Istilah “ulangan harian” dalam konteks Kurikulum Merdeka tidak lagi hanya merujuk pada ujian rutin yang dilakukan setiap hari atau minggu. Melainkan lebih berkaitan dengan penilaian berkelanjutan, yang bertujuan untuk mengevaluasi pemahaman siswa secara berkala dan sesuai dengan capaian pembelajaran yang ditetapkan. Dengan demikian, siswa tidak hanya dinilai berdasarkan hasil ujian, tetapi juga kemampuan mereka dalam menerapkan konsep-konsep yang dipelajari dalam situasi nyata.
Pemahaman tentang istilah ulangan harian dalam Kurikulum Merdeka sangat penting, baik bagi siswa, guru, maupun orang tua. Hal ini karena kurikulum baru ini menekankan pada pengembangan kompetensi secara holistik, bukan hanya pengetahuan teoritis. Oleh karena itu, artikel ini akan membahas secara mendalam apa itu ulangan harian dalam Kurikulum Merdeka, bagaimana prosesnya, serta mengapa hal ini penting bagi siswa.
Dalam era pendidikan yang semakin dinamis, para siswa harus siap menghadapi berbagai bentuk penilaian yang lebih inklusif dan adaptif.

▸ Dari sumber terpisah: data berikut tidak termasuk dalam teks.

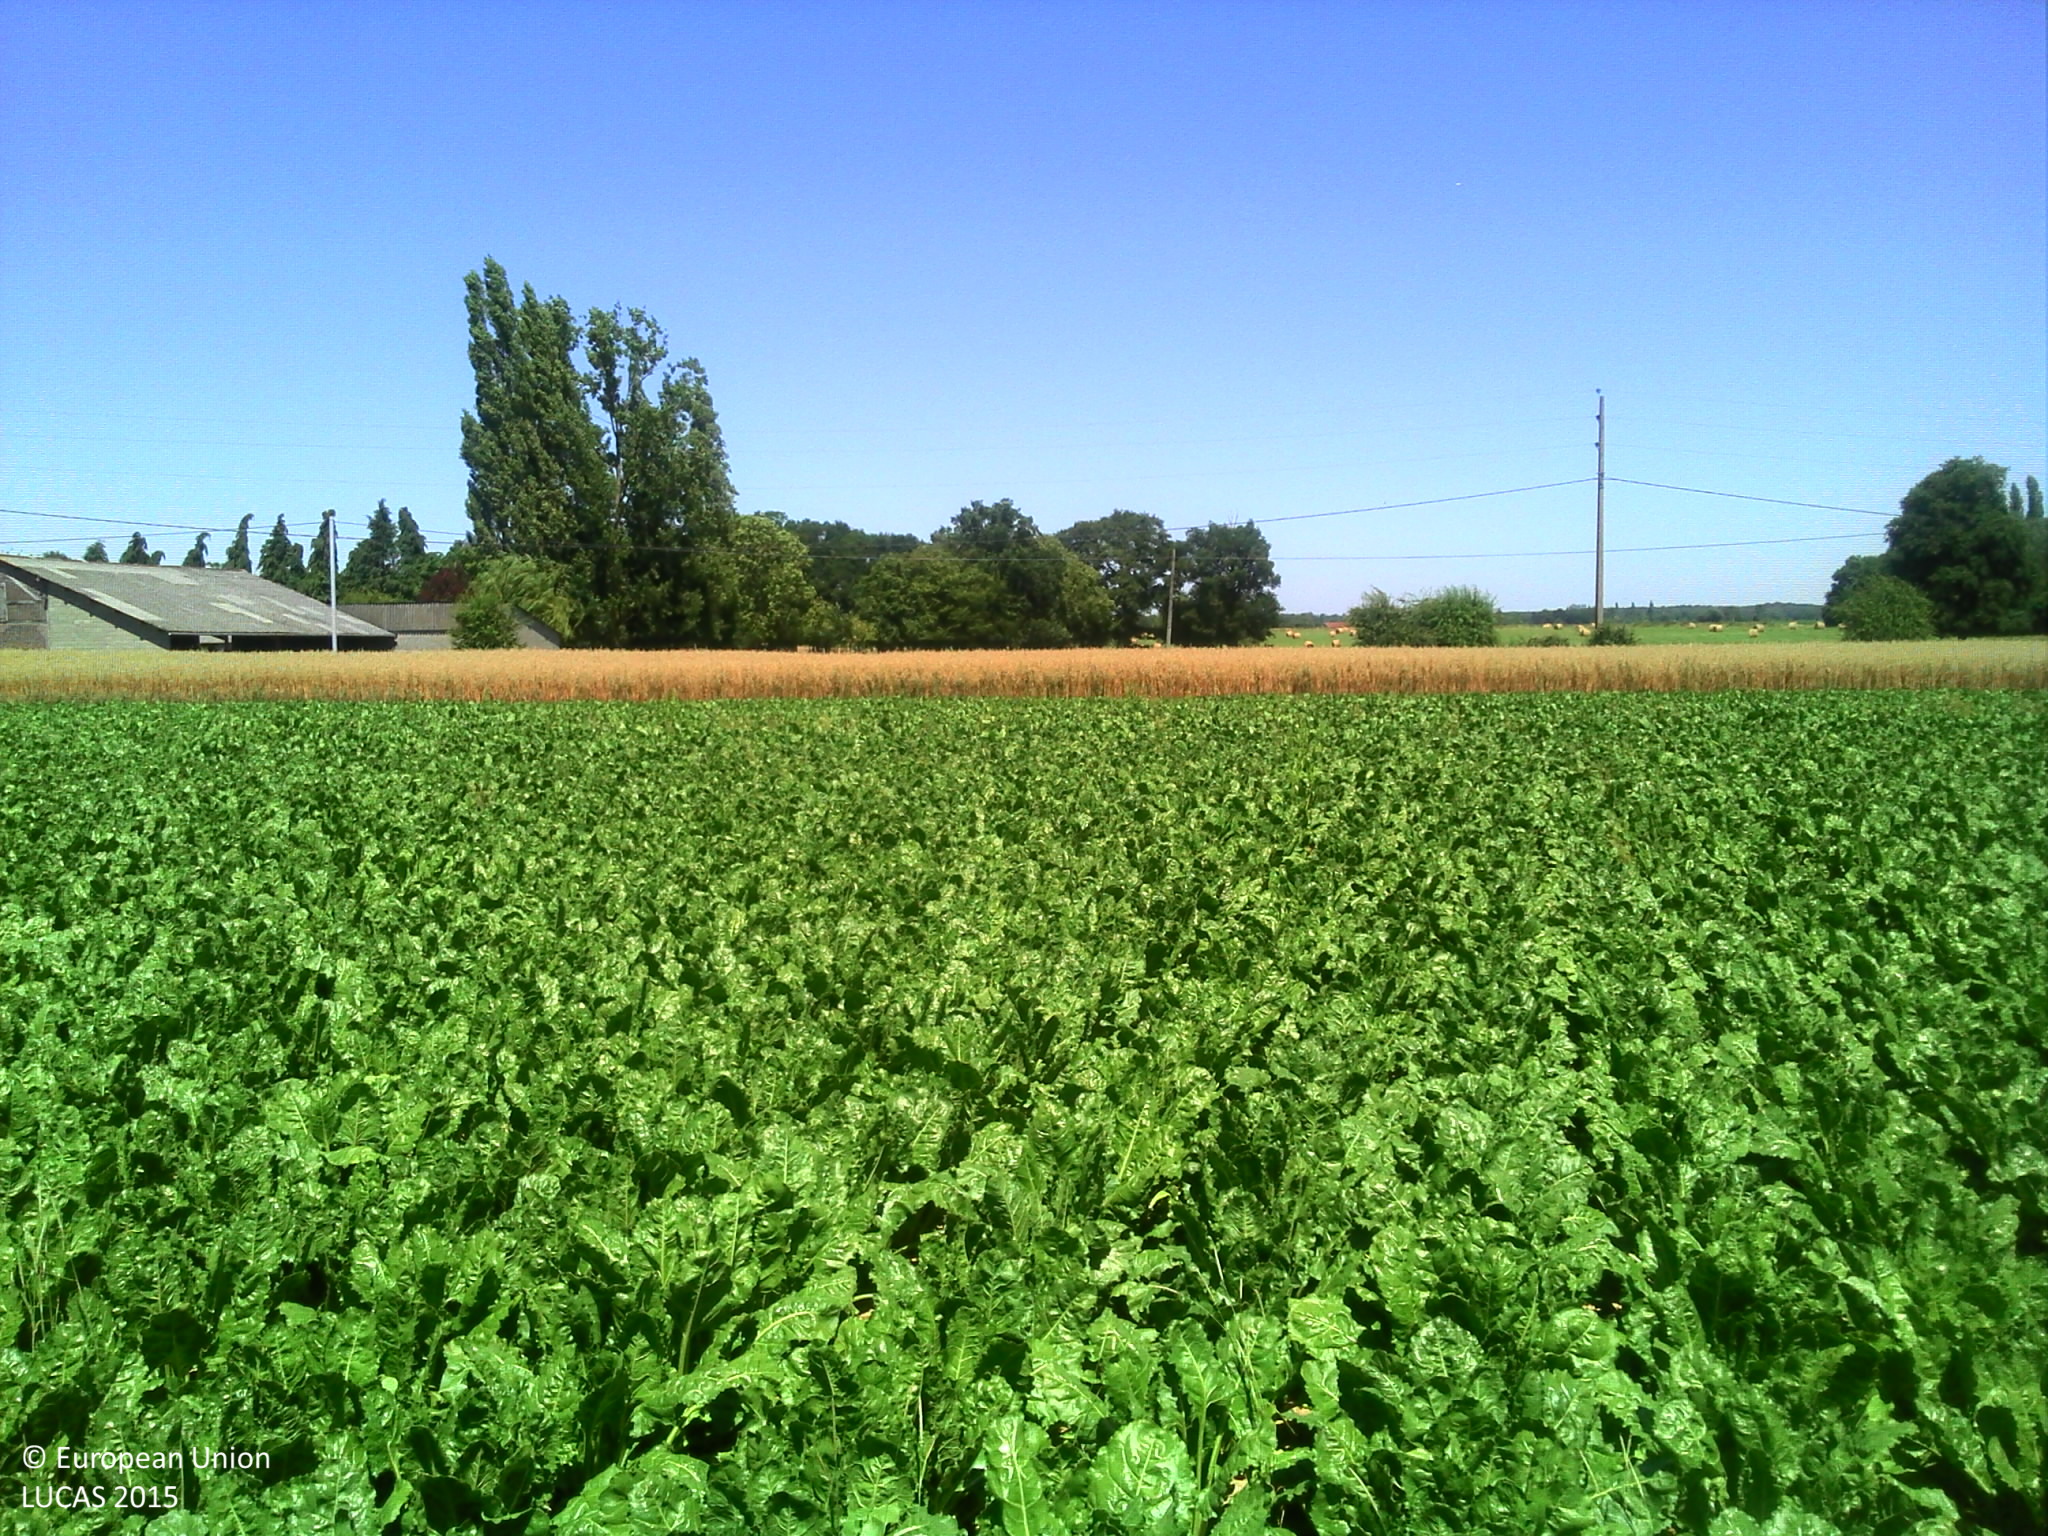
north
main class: Cropland
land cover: Sugar beet
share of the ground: > 75 %
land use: Agriculture (excluding fallow land and kitchen gardens)
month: July
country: FR
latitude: 49.0568
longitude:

Ulangan harian dalam Kurikulum Merdeka tidak hanya menjadi alat evaluasi, tetapi juga sarana untuk meningkatkan kemampuan berpikir kritis, kreativitas, dan keterampilan praktis. Dengan memahami istilah ini, siswa dapat lebih mudah menyesuaikan diri dengan pola pembelajaran yang baru, sehingga bisa mencapai hasil belajar yang optimal.
Selain itu, istilah ulangan harian dalam Kurikulum Merdeka juga memberikan wewenang kepada guru untuk merancang metode penilaian yang lebih fleksibel dan sesuai dengan kebutuhan siswa. Hal ini menciptakan lingkungan belajar yang lebih seimbang, di mana siswa tidak hanya ditekan untuk lulus ujian, tetapi juga didorong untuk berkembang secara keseluruhan.
Apa Itu Ulangan Harian dalam Kurikulum Merdeka?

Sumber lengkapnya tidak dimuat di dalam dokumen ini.